**What you need to do:**
Among the entries below, tally each line where the word "urban" appears and state only the total.

**Collection entries:**
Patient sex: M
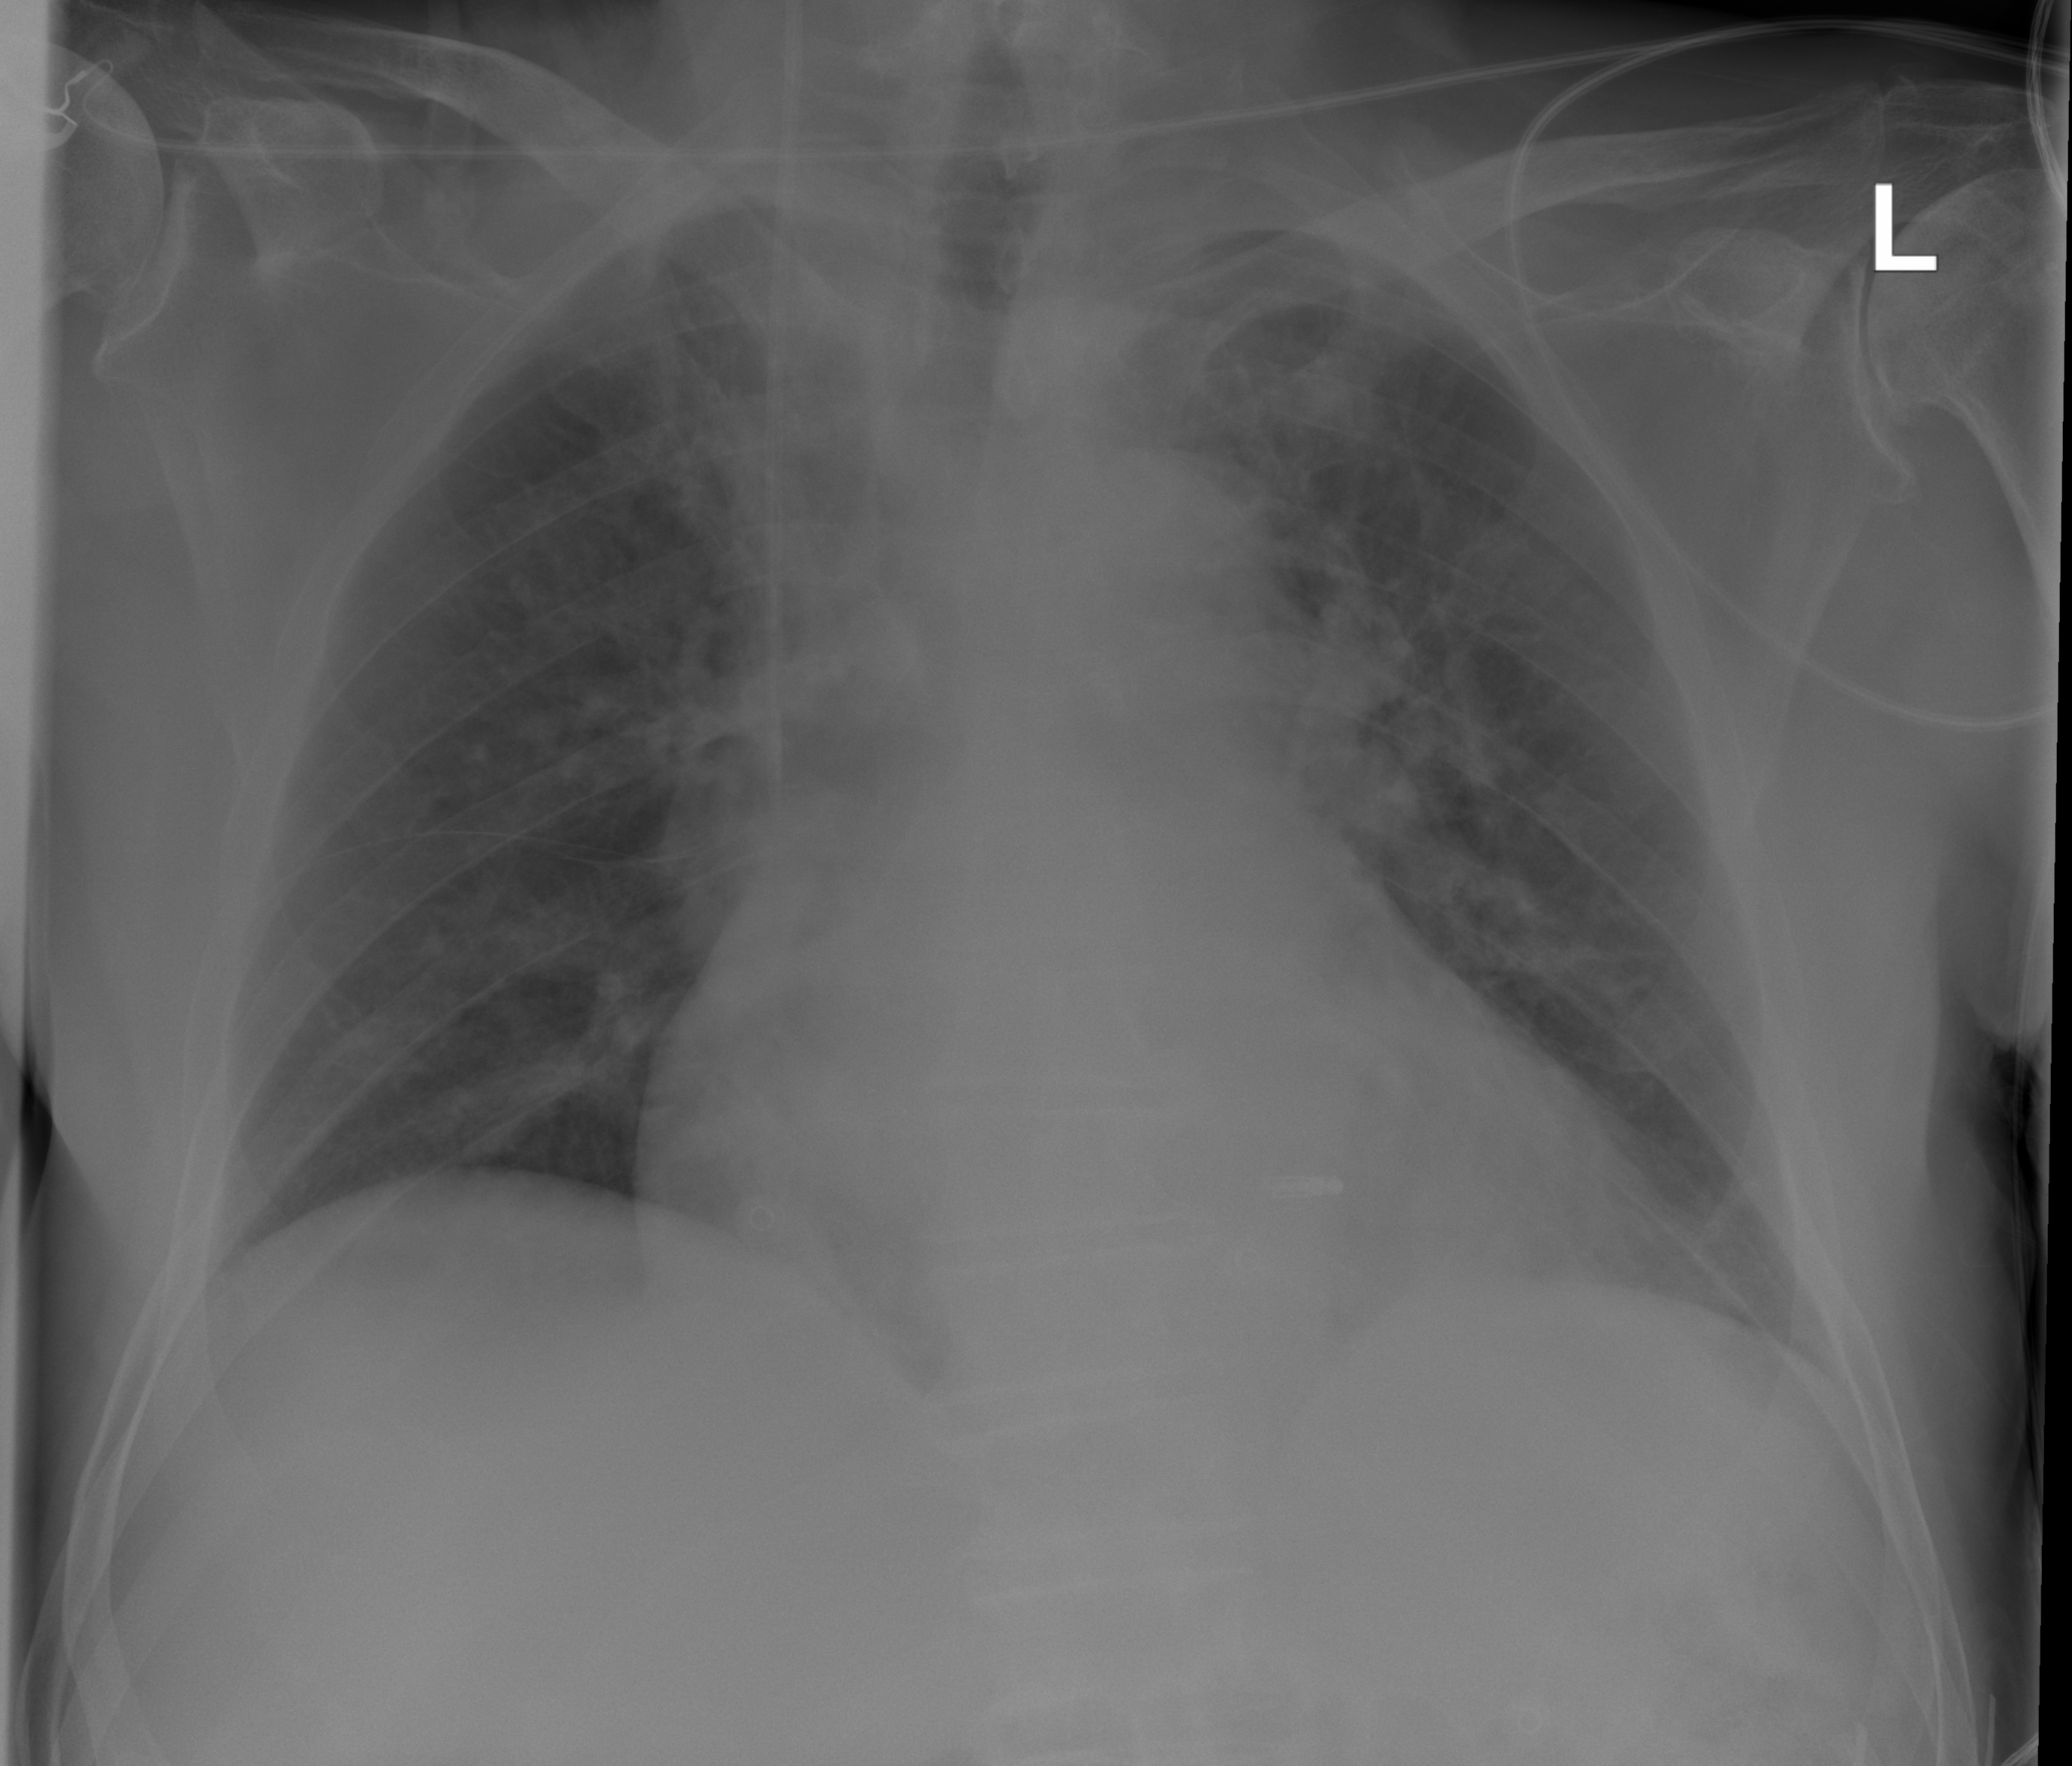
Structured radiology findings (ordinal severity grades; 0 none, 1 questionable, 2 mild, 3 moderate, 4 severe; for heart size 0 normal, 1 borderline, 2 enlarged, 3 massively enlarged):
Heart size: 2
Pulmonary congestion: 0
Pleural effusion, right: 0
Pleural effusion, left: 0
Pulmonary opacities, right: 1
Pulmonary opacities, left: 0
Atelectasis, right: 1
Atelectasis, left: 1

* * *

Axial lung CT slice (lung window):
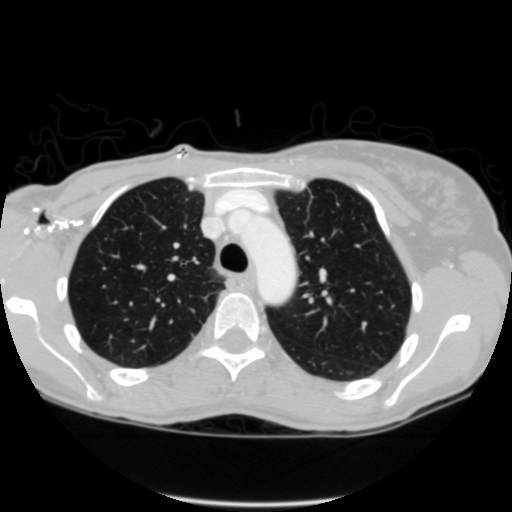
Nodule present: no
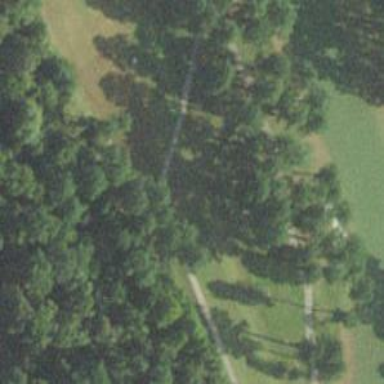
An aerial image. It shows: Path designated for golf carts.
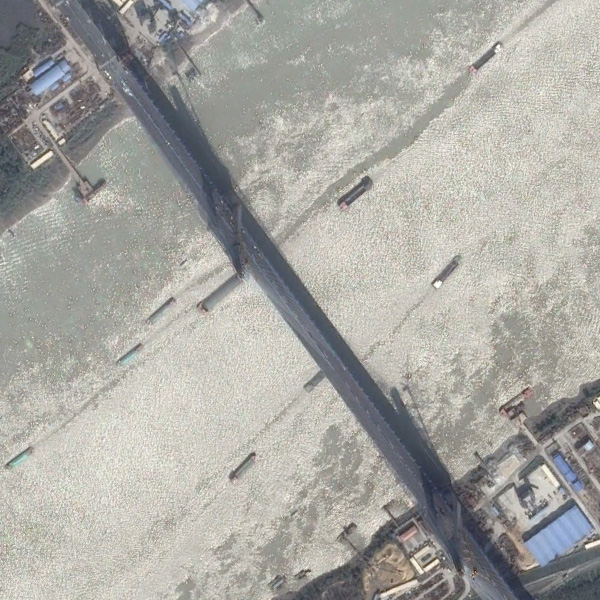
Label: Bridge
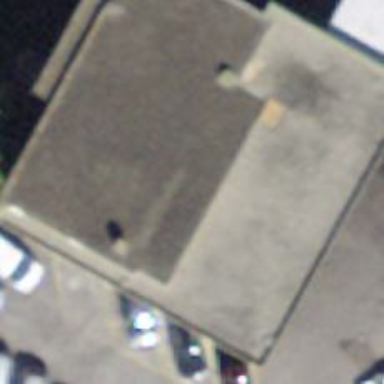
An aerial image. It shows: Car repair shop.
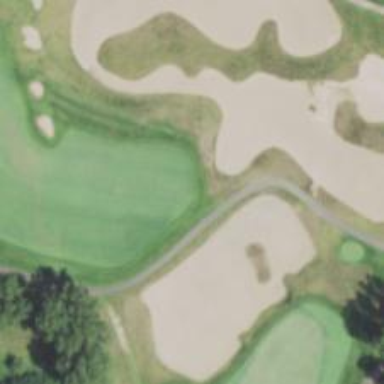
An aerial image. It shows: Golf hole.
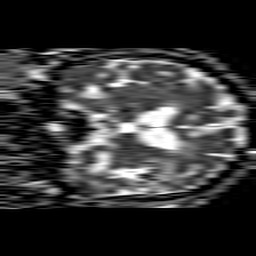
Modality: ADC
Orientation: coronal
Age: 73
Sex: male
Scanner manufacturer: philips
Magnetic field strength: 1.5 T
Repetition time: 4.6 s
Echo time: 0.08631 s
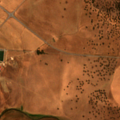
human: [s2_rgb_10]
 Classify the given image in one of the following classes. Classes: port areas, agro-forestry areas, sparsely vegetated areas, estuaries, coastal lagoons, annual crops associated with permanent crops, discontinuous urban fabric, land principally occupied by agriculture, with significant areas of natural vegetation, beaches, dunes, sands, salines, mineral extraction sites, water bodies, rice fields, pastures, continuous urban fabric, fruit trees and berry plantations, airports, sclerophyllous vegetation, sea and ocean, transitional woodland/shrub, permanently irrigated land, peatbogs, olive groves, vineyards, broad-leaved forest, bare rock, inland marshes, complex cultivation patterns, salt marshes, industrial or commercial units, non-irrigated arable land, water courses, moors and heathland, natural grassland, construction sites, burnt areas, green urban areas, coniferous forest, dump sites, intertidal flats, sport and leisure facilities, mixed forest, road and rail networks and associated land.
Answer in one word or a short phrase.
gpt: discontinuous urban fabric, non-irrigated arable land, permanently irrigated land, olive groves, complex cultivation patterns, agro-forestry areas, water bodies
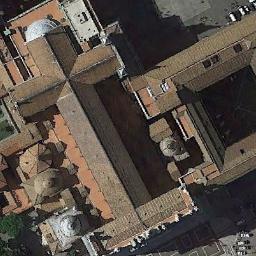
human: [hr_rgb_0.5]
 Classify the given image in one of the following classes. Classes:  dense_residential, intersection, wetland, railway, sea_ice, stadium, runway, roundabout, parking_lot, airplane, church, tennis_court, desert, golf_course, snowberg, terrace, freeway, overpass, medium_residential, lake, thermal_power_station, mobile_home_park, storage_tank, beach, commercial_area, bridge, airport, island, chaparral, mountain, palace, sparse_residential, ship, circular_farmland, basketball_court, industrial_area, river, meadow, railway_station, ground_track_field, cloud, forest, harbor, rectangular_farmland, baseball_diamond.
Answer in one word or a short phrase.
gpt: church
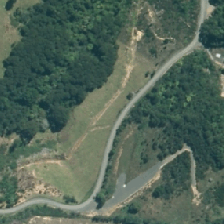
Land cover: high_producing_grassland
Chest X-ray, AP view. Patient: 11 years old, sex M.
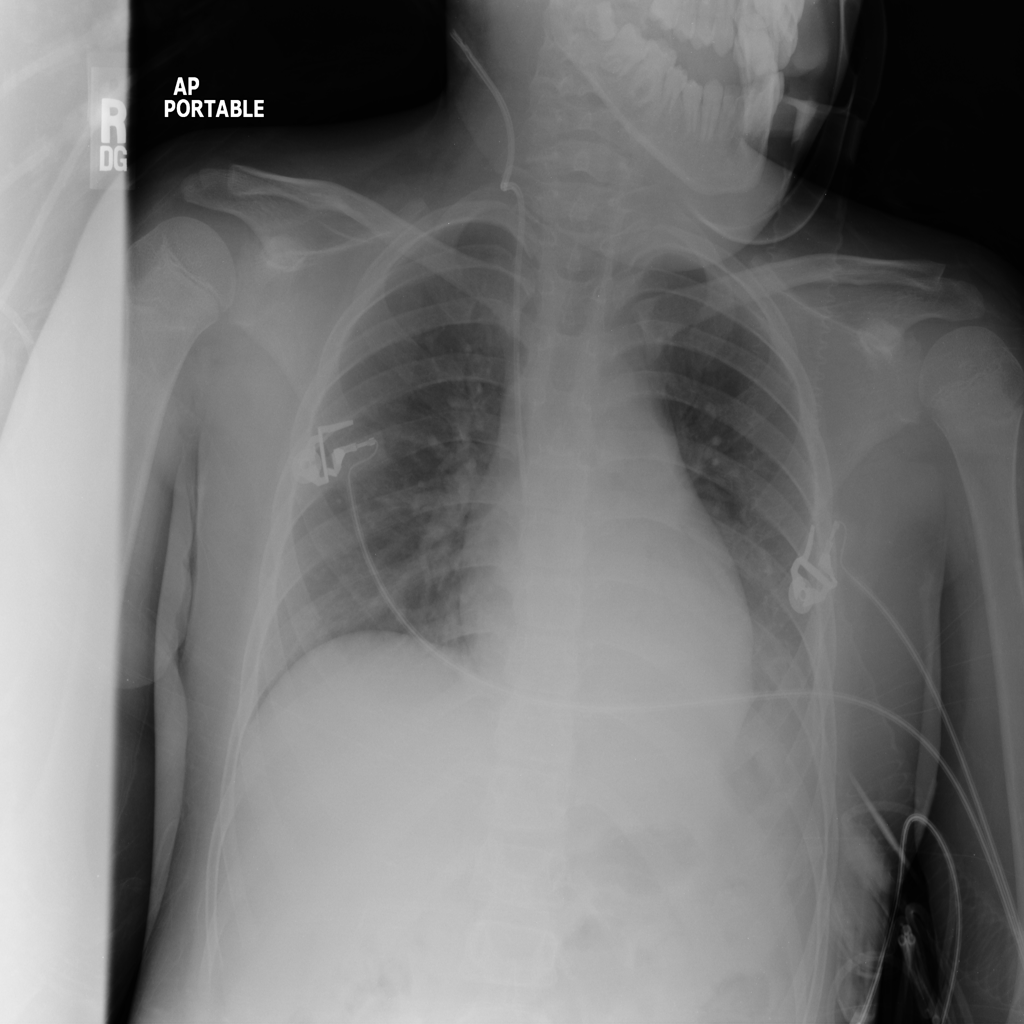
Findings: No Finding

--

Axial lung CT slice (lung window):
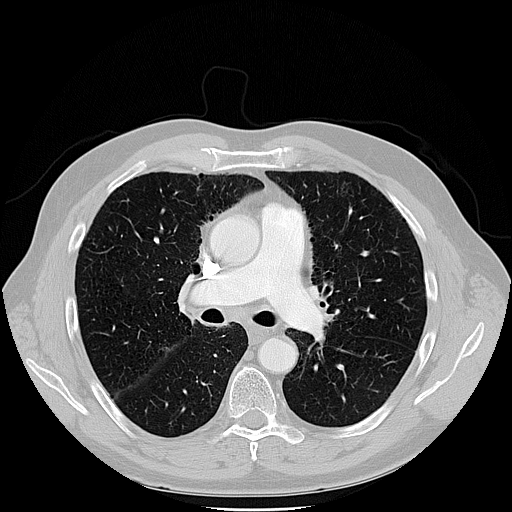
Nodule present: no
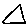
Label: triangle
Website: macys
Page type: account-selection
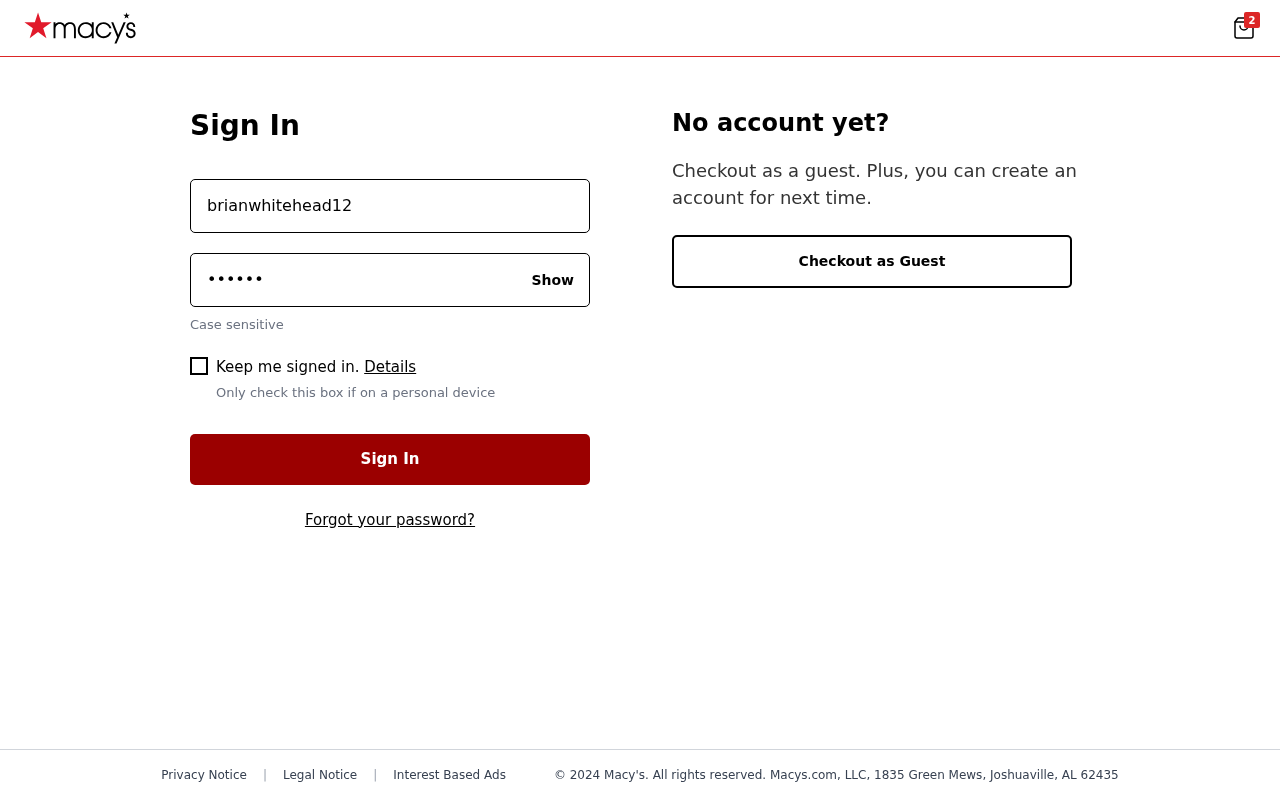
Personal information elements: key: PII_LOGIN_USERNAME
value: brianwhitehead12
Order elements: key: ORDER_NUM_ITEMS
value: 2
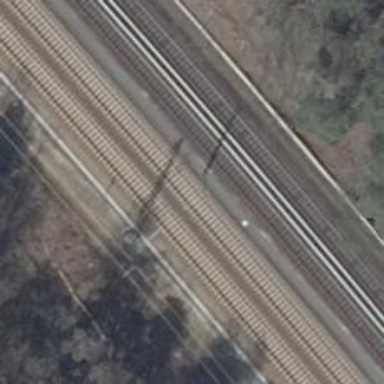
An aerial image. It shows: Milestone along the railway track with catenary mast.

**Result below:**
2